What if you're wrong about that science stuff? What if you're wrong about how you interpret the fossil record with the concept of evolution? What if there is a glorious afterlife to reward a life time of worshiping our silent, absent, and often-cruel god? What if there is a hideously agonizing afterlife to punish for free thought and using logic and reason during life? What if we were right to heap shame upon anyone who was not a white, straight, male, monogamous follower of our god? What if we are supposed to carry the shame of being born a human being on this planet?

What if the sheep herders in the Middle East truly do know more about the best way to live life than any thinking person in the current era who uses compassion and love as a starting point? What if our earnest belief in a waterwalking carpenter from Bethlehem is absolutely essential for an eternal reward? What if the hominids of the past million+ years of time were alive a mere six thousand years ago? What if dinosaurs are truly misunderstood dragons? What if violent murders or silencing of innocent victims of rape by elders is truly the preferred way to handle the inappropriate sexual acts of those trusted, respected, or feared elders? 

What if women are truly here on earth in order to populate the planet until their bodies break down? What if the words of men were truly law?

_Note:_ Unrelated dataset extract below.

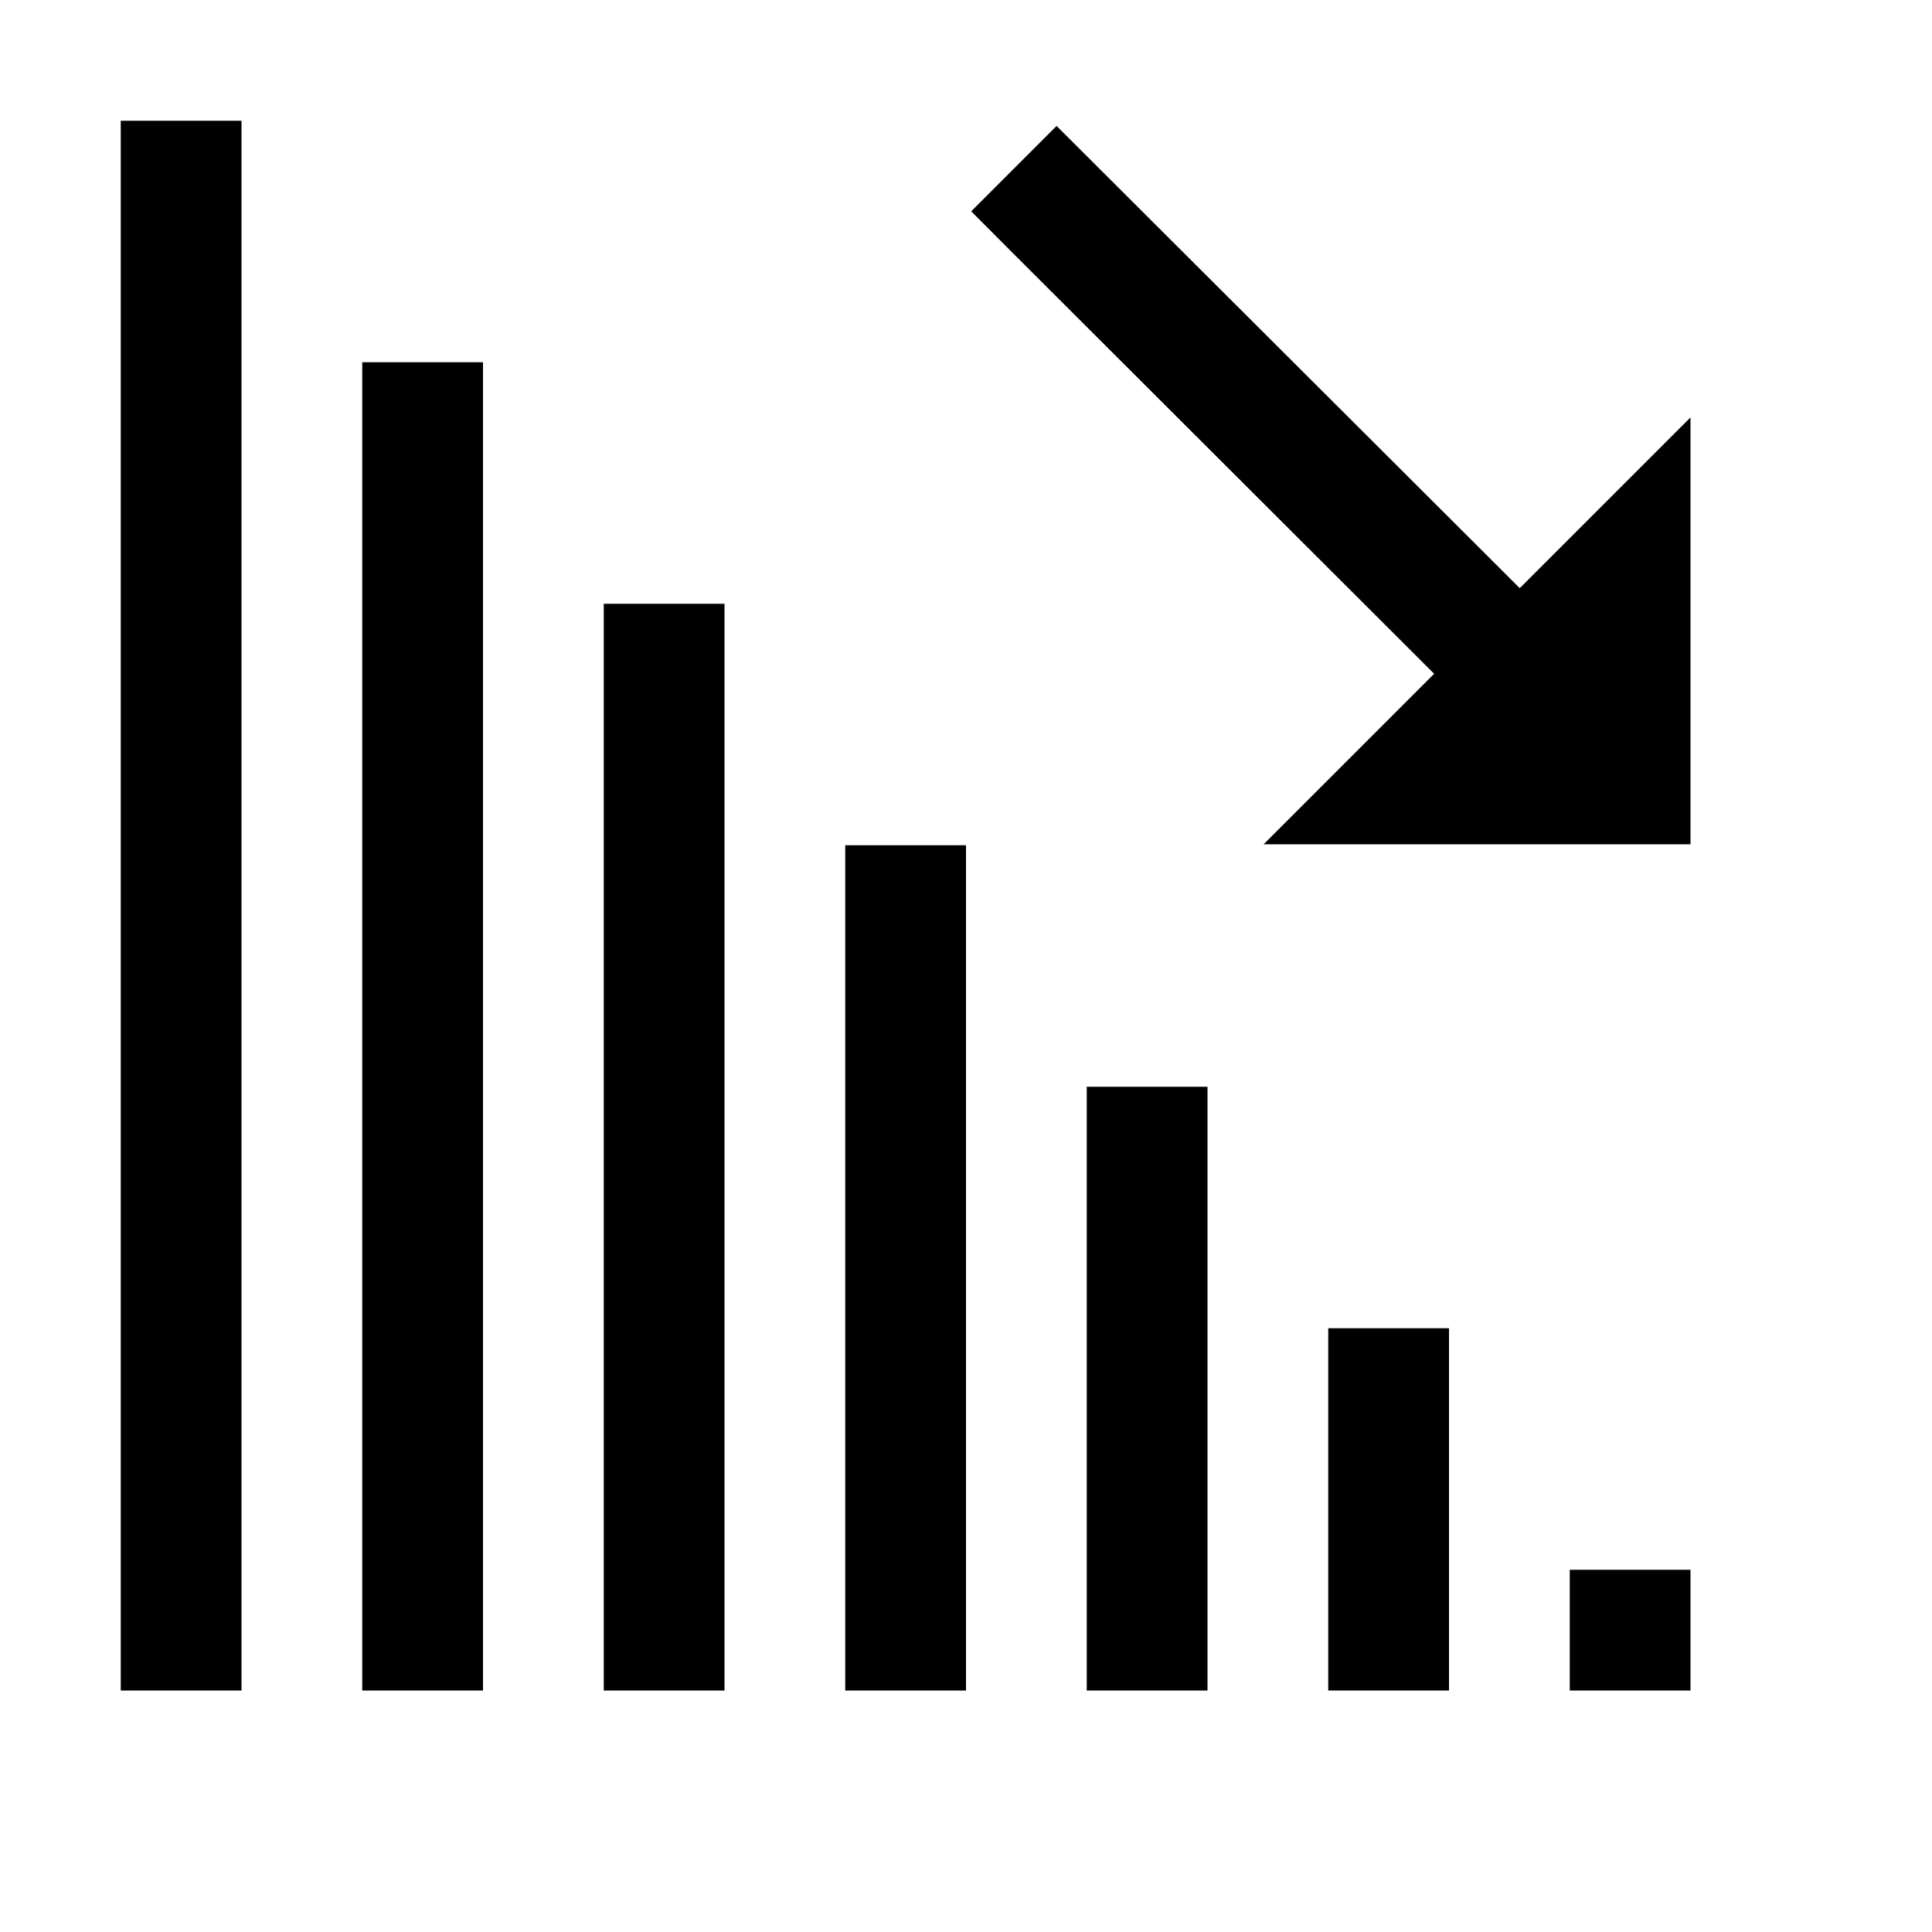 <?xml version="1.0"?>
<svg xmlns="http://www.w3.org/2000/svg" viewBox="0 0 16 16">
    <path style="line-height:normal;text-indent:0;text-align:start;text-decoration-line:none;text-decoration-style:solid;text-decoration-color:#000;text-transform:none;block-progression:tb;isolation:auto;mix-blend-mode:normal" d="M 1 1 L 1 14 L 2 14 L 2 1 L 1 1 z M 8.75 1.043 L 8.043 1.75 L 8.396 2.104 L 11.877 5.58 L 10.465 6.992 L 13.293 6.992 L 14 6.992 L 14 6.285 L 14 3.457 L 12.586 4.871 L 9.104 1.396 L 8.75 1.043 z M 3 3 L 3 14 L 4 14 L 4 3 L 3 3 z M 5 5 L 5 14 L 6 14 L 6 5 L 5 5 z M 7 7 L 7 14 L 8 14 L 8 7 L 7 7 z M 9 9 L 9 14 L 10 14 L 10 9 L 9 9 z M 11 11 L 11 14 L 12 14 L 12 11 L 11 11 z M 13 13 L 13 14 L 14 14 L 14 13 L 13 13 z"/>
</svg>

What if shaming normal or natural expressions of sexuality was the favored way to handle burgeoning young people? What if an all-powerful entity was truly responsible for the entirety of human existence on this planet? What if we had to seek authority outside of our own conscious to forgive ourselves for events that lead to lessons learned? What if there was truly a god who actually eased the suffering and pain of everyone on the planet?

What if a father blindly following voices of the unseen, insisting that he murder his own child, actually made the agonizing plan to carry out that demand? What if a flood of global proportions had destroyed every living thing? What if a teacher taught mercy but received none for himself? What if freaky Armageddon events were planned for all inhabitants of this planet by an unseen god or spirit?

What if I'm right?

What if natural laws like gravity and the laws of thermodynamics allowed us to understand much of the movement of the universe around us? What if human ingenuity and rationality allowed us to fly beyond the furthest planetoid in our solar system as well as to explore the deepest crevices on the surface of our own planet? What if the intellectual facilities of some humans on this planet caused us to begin to understand the progressions of eons of time, eons that are nearly impossible to truly conceive of within the human mind? What if human perception allowed someone to imagine particles smaller than the human senses can detect, and then someone found a way to actually detect them?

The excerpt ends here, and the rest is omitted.